Yesterday I walked past the new Horseshoe Casino here in
downtown Cleveland. Like all casinos
here in the United States, a large group of very elderly people were hobbling
in to spend their Social Security money chasing dreams on the penny slots. Other lost souls that had yet to acquire
their oxygen tanks smoked in a penned in area outside, ready to return to high
stakes nickel video poker. Within eye
sight was a public service sign.
“Gambling Problem? Call
1-800-bla-blah”
If you take a big hit on penny slots, what are you
down? Two bucks? That’s not gambling. If you lost less money than it would cost to
feed yourself at Subway, have you really risked anything? Let me tell you what gambling is…
We used to play cards in the van, mainly blackjack where I
was the dealer. The scenario was the
same every time out. I would ask Leo if
he was interested in winning a prize that was a big score in the Leo Lifestyle
(cigarettes and intoxicants mostly). I
would give Leo ten coins from the change drawer in the van, and those would act
as his chips. Let’s say he would have to
buy the chips for a buck each, but if he could win ten chips from me, he would
win 5 cases of beer or cartons of smokes.
It would always be a big win if he could score the ten chips. The carrot was dangled o-so-very-close.
Sometimes Leo would win those chips from The House and score
his prize. Usually he didn’t. This was the real object of the game from the
rest of the band’s point of view. The real
game would start when we had Leo in a position where he couldn’t pay off his
losses and he would no longer be able to cover it with money. Leo would find himself hurtling down the
highway somewhere in Indiana into the House (the van) for $40 and having an
empty wallet in his jeans. This would
lead to negotiation where Leo could then risk “acts of degradation” to clear
his slate. That is real action!
You haven’t played high stakes blackjack until you have
risked having to rub your own feces on your face and sing an Al Jolson song at
a rest stop. That truly makes hitting or
holding on a soft 17 a real gut check with that dealer showing 8. Each hand of cards became life and death,
with Leo’s losses resulting in further and further degrading acts, usually
imagined up by Bobby and myself. We
always gave Leo a chance to win his way out, but sometimes he had sunk to such
lows that he just “paid off” to get himself out of the bookie’s grip. It was during this time period Leo:
- had “Matt the Wonder Roadie” fart directly in his face one (1) playing card length while he kept his mouth wide open. This was after Matt had spent the evening drinking Old Style draft and eating Burger King onion rings.

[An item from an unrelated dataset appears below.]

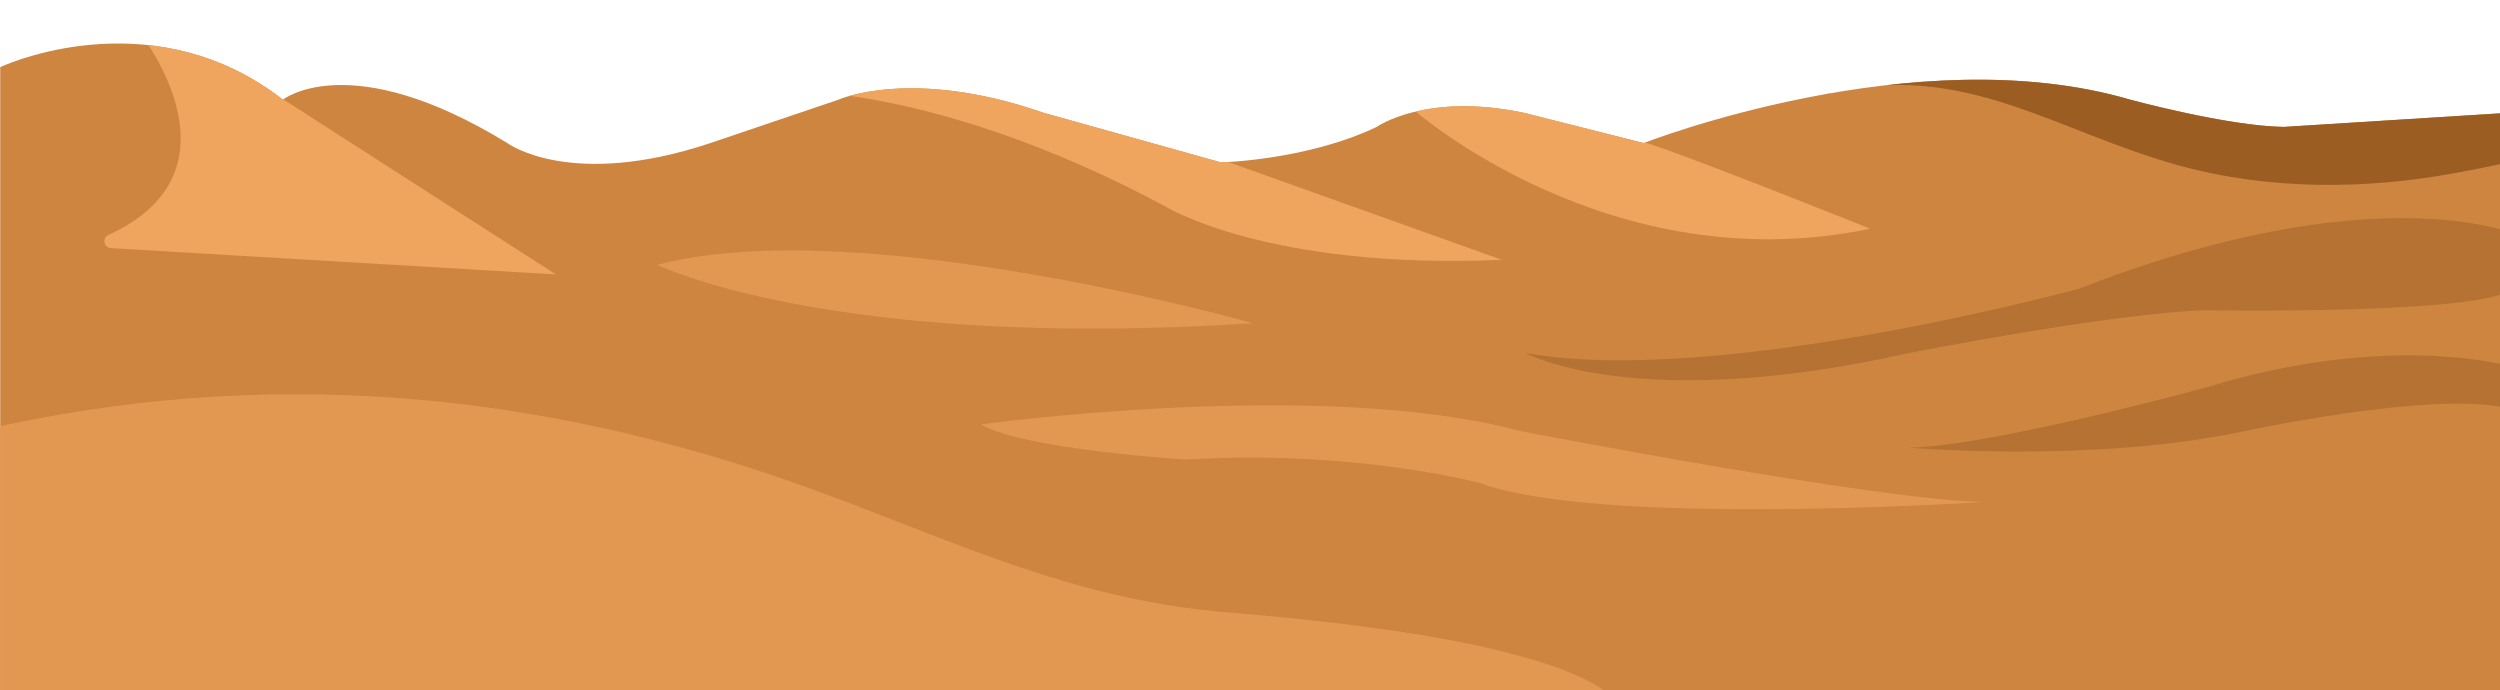 <?xml version="1.0" encoding="UTF-8"?><svg xmlns="http://www.w3.org/2000/svg" xmlns:xlink="http://www.w3.org/1999/xlink" clip-rule="evenodd" fill-rule="evenodd" height="287.0" preserveAspectRatio="xMidYMid meet" stroke-linejoin="round" stroke-miterlimit="2" version="1.0" viewBox="105.0 426.6 1039.9 287.0" width="1039.9" zoomAndPan="magnify"><g><g><path d="M4465.53 79.393H5834.55V1357.033H4465.53z" fill="none" transform="matrix(.913 0 0 .978 -4077.31 -77.68)"/><g transform="matrix(.906 0 0 .906 -71.53 -2117.959)"><g id="change1_1"><path d="M194.953,2839.37C202.872,2835.73 267.383,2809.73 324.733,2854.32C324.733,2854.32 355.344,2829.85 427.755,2874.25C427.755,2874.25 456.534,2895.74 520.984,2874.25L579.827,2854.32C579.827,2854.32 613.243,2839.24 673.963,2860.35L755.37,2883.11C755.37,2883.11 794.676,2882.19 826.915,2866.83C826.915,2866.83 849.268,2850.86 894.48,2860.35L949.496,2874.25C949.496,2874.25 1074.25,2825.37 1172.88,2854.32C1172.88,2854.32 1217.49,2866.45 1243.36,2866.83L1343.24,2860.56L1343.24,3126.6L194.953,3126.6L194.953,2839.37Z" fill="#ce8540"/></g><clipPath id="a"><path d="M194.953,2839.37C202.872,2835.73 267.383,2809.73 324.733,2854.32C324.733,2854.32 355.344,2829.85 427.755,2874.25C427.755,2874.25 456.534,2895.74 520.984,2874.25L579.827,2854.32C579.827,2854.32 613.243,2839.24 673.963,2860.35L755.37,2883.11C755.37,2883.11 794.676,2882.19 826.915,2866.83C826.915,2866.83 849.268,2850.86 894.48,2860.35L949.496,2874.25C949.496,2874.25 1074.25,2825.37 1172.88,2854.32C1172.88,2854.32 1217.49,2866.45 1243.36,2866.83L1343.24,2860.56L1343.24,3126.6L194.953,3126.6L194.953,2839.37Z"/></clipPath><g clip-path="url(#a)"><g id="change2_1"><path d="M174.452,3009.01C302.94,2976.85 430.551,2985.27 556.745,3029.28C623.565,3052.58 679.917,3082 752.015,3089.14C777.947,3091.7 949.79,3102.74 943.746,3146.14C933.989,3216.21 775.887,3210.68 726.144,3212.86C638.017,3216.72 549.586,3212.12 461.416,3211.83C324.055,3211.36 186.259,3222.26 67.666,3140.17" fill="#e29851"/></g><g id="change2_2"><path d="M645.238,3003.41C645.238,3003.41 801.847,2981.82 893.015,3006.52C893.015,3006.52 1058.28,3038.42 1105.37,3039.02C1105.37,3039.02 929.512,3050.74 874.163,3030.29C874.163,3030.29 816.561,3014.85 739.614,3019.55C739.614,3019.55 665.225,3015.1 645.238,3003.41Z" fill="#e29851"/></g><g id="change2_3"><path d="M496.573,2930.16C496.573,2930.16 576.713,2969.55 769.987,2956.95C769.987,2956.95 589.158,2905.74 496.573,2930.16Z" fill="#e29851"/></g><g id="change3_1"><path d="M258.112,2822.33C258.112,2822.33 310.329,2886.48 244.621,2916.42C243.302,2917.04 242.571,2918.47 242.846,2919.9C243.121,2921.33 244.332,2922.4 245.787,2922.48C295.165,2925.41 450.076,2934.56 450.076,2934.56L324.532,2853.95L309.848,2830.92L258.112,2822.33Z" fill="#f0a55e"/></g><g id="change3_2"><path d="M572.152,2851.31C572.152,2851.31 636.998,2853.49 729.684,2903.26C729.684,2903.26 776.601,2932.5 884.388,2927.85L753,2880.9L824.989,2838.18L843.61,2858.75C843.61,2858.75 934,2938.62 1053.48,2913.56C1053.48,2913.56 964.422,2877.88 949.057,2873.71L824.989,2751.62L572.152,2851.31Z" fill="#f0a55e"/></g><g id="change4_1"><path d="M1348.53,2915.73C1348.53,2915.73 1283.82,2888.58 1149.56,2941.07C1149.56,2941.07 983.288,2986.46 895.307,2970.64C895.307,2970.64 945.815,2998.79 1071.34,2970.64C1071.34,2970.64 1163.62,2952.43 1207.53,2950.98C1207.53,2950.98 1335.13,2953.28 1348.53,2941.07L1348.53,2977.02C1348.53,2977.02 1293.01,2960.19 1207.53,2986.5C1207.53,2986.5 1108.61,3013.52 1071.34,3014.09C1071.34,3014.09 1151.55,3021.05 1220.01,3007.59C1220.01,3007.59 1315.47,2986.45 1348.53,2996.7L1373.62,2970.64L1360.07,2915.73L1348.53,2915.73Z" fill="#b67232"/></g><g id="change5_1"><path d="M1033.84,2851.75C1095.99,2835.91 1138.75,2869.12 1195.71,2884.68C1236.56,2895.83 1280.71,2895.7 1322.16,2887.99C1342.43,2884.22 1371.62,2879.08 1387.76,2864.84C1420.25,2836.15 1351.88,2807.43 1334.69,2802.3C1327.68,2800.2 1315.04,2797.1 1307.72,2795.67C1213.07,2777.16 1117.52,2794.76 1028.03,2827.09" fill="#9c5d22"/></g></g></g></g></g></svg>

- walked into a high volume redneck Speedway location in rural Indiana dressed in cowboy boots, bike shorts, a pink wife beater, and a scarf tied around his neck accented by Elvis sunglasses to pay for our gas
- had to eat any actual food item we purchased for him in an Arkansas gas station, which turned out to be a pickled pig’s foot he gnawed on like a dog
Maybe the worst situation he found himself in was when he
lost and had to piss himself in full view of a party that we attended at
Champaign IL. At one point, he
considered risking having to walk into Skins N Tins drum shop, drop to the
floor and shit himself. He would then
have had to scream out “Baby Leo has dirty diaper! Baby Leo has dirty diaper!”. Since he had a long relationship with the
shop owner and staff, Leo didn’t want to risk that scarlet letter being
attached to his name. Instead, he opted
to pay off his earlier loss, wetting himself in front of strangers.
Say what you will about Leo, but he does pay off his gambling debts. However, when you see a grown man look over at you across a living
room and say “It’s time…” and then stand in the room with an ever expanding
stain growing in his jeans while people roar in laughter, that’s when you say
to yourself ‘I don’t know if this is rock bottom, but it is in the same general
neighborhood.” If there had been that
gambling problem billboard outside of that house, I think Leo would have made
that call in his soggy urine soaked jeans.